Records from a collection -
▼

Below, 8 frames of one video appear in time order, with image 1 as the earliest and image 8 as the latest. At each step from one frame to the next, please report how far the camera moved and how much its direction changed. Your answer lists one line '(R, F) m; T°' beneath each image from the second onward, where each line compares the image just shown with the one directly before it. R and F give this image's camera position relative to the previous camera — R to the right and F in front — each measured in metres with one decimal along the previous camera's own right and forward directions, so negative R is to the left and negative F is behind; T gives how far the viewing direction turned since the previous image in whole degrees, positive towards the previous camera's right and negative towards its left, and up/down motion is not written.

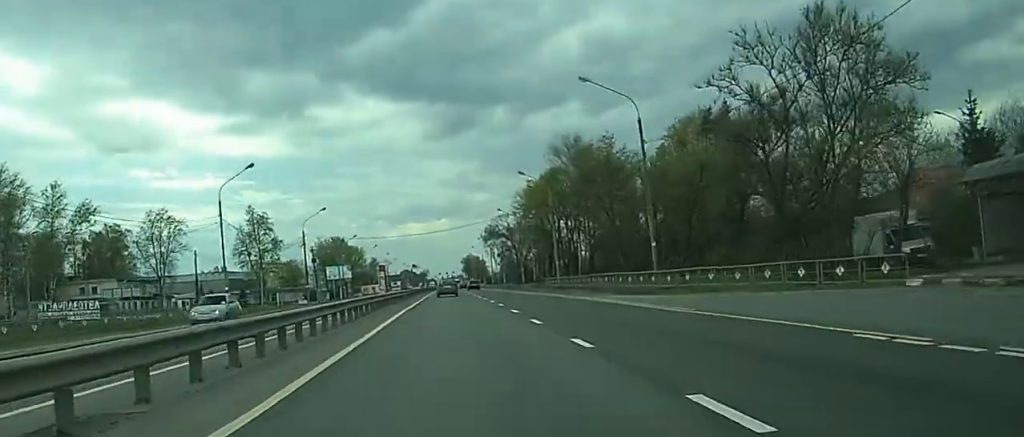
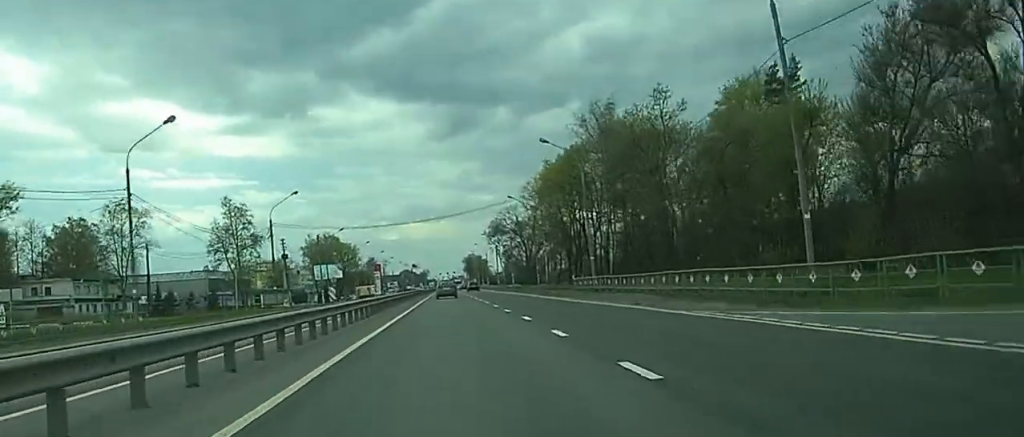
(+0.2, +20.3) m; +1°
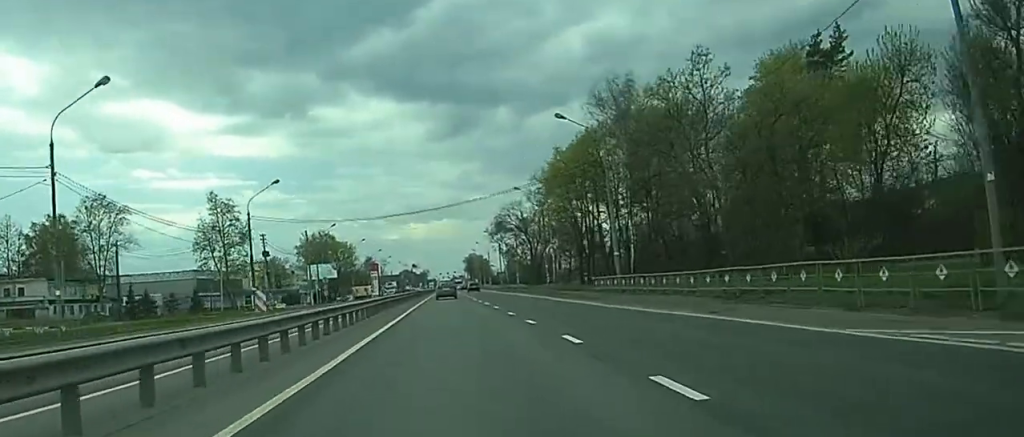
(+0.1, +9.7) m; 0°
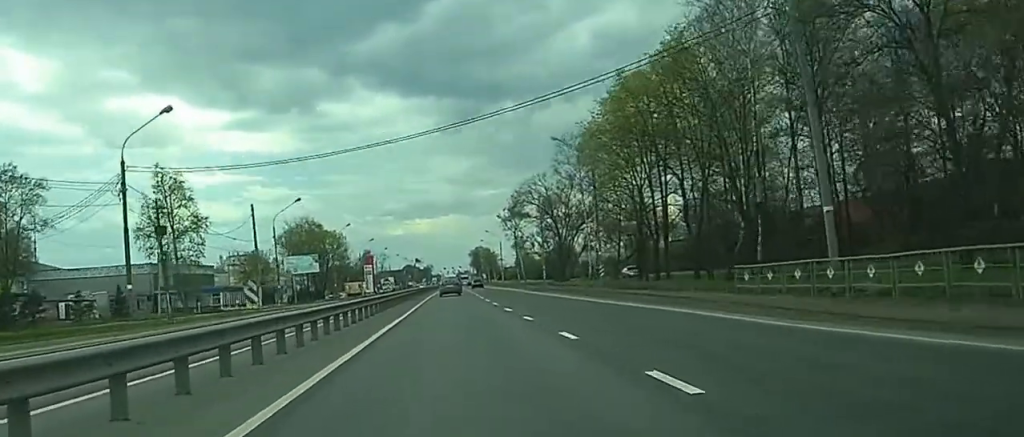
(-0.3, +30.9) m; -1°
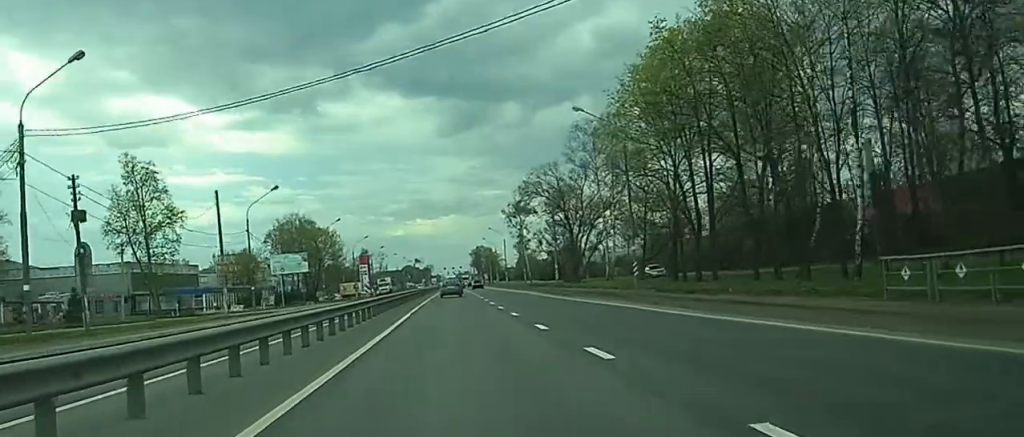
(0.0, +11.5) m; 0°
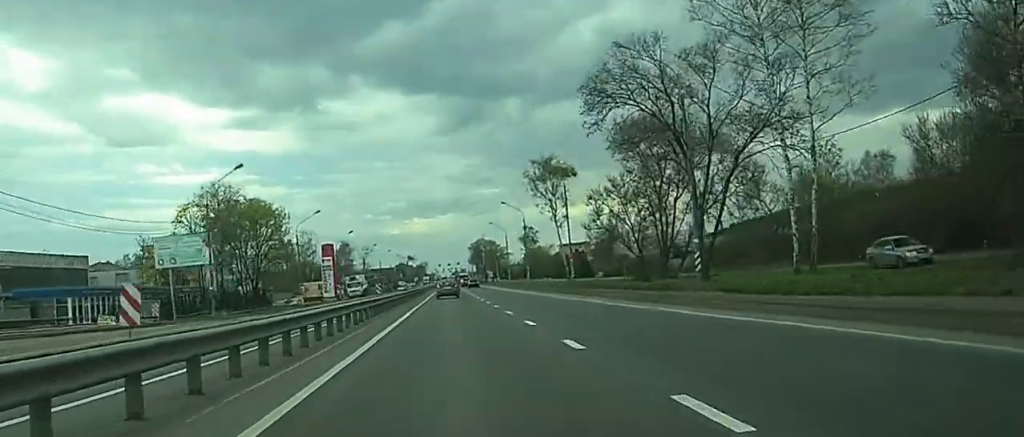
(-0.1, +50.3) m; +1°
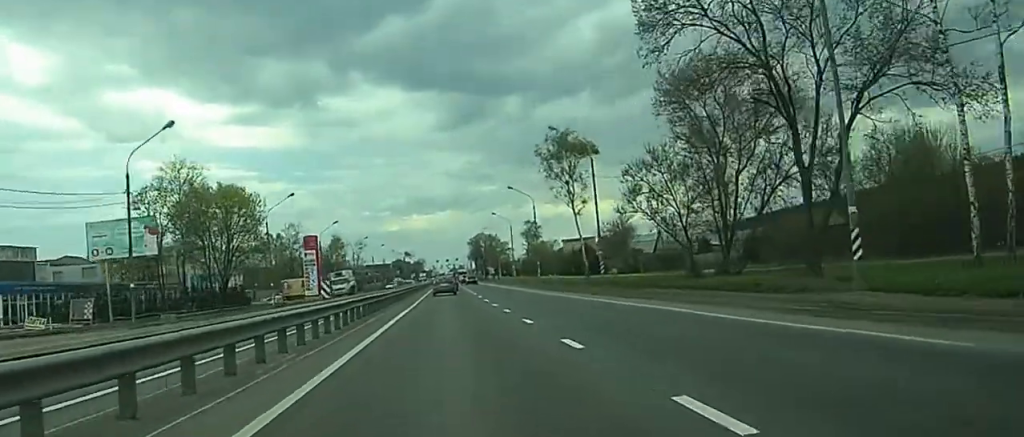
(+0.1, +14.3) m; 0°
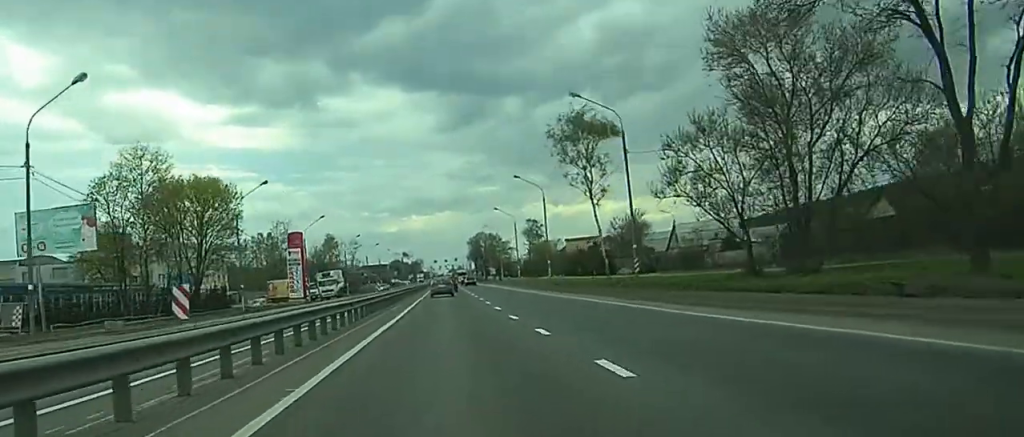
(-0.1, +10.9) m; -1°

▲

EXERCISE REQUIREMENTS -
Every record must be returned exactly. Leave its pictures out.

WORKED SOLUTION -
Below, 8 frames of one video appear in time order, with image 1 as the earliest and image 8 as the latest. At each step from one frame to the next, please report how far the camera moved and how much its direction changed. Your answer lists one line '(R, F) m; T°' beneath each image from the second onward, where each line compares the image just shown with the one directly before it. R and F give this image's camera position relative to the previous camera — R to the right and F in front — each measured in metres with one decimal along the previous camera's own right and forward directions, so negative R is to the left and negative F is behind; T gives how far the viewing direction turned since the previous image in whole degrees, positive towards the previous camera's right and negative towards its left, and up/down motion is not written.

(+0.2, +20.3) m; +1°
(+0.1, +9.7) m; 0°
(-0.3, +30.9) m; -1°
(0.0, +11.5) m; 0°
(-0.1, +50.3) m; +1°
(+0.1, +14.3) m; 0°
(-0.1, +10.9) m; -1°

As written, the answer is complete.